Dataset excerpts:
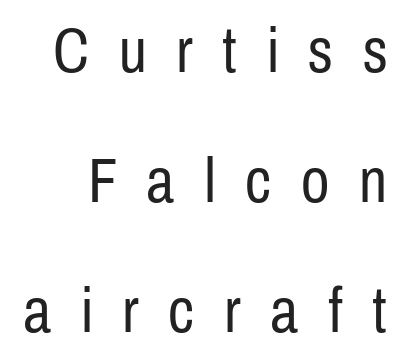
Q: Is the text bold? A: No.
Q: Is the text italic (slanted)? A: No, it is upright.
Q: Is the typeface a serif or a sans-serif typeface? A: Sans-serif.
Q: Is the text underlined? A: No.
Q: Is the spacing between letters normal or unusually wide? A: Unusually wide.
Q: Is the spacing between lines tight, normal or loose? A: Loose.
Q: Width (condensed, normal, or wide)? A: Condensed.
Q: Stroke contrast? A: Low.
Q: x-height? A: Medium.
Q: Monospaced? A: No.

*Task directions*. Show a copy of each line from the records above in which the string "between" occurs.

*Completed exercise*.
Q: Is the spacing between letters normal or unusually wide? A: Unusually wide.
Q: Is the spacing between lines tight, normal or loose? A: Loose.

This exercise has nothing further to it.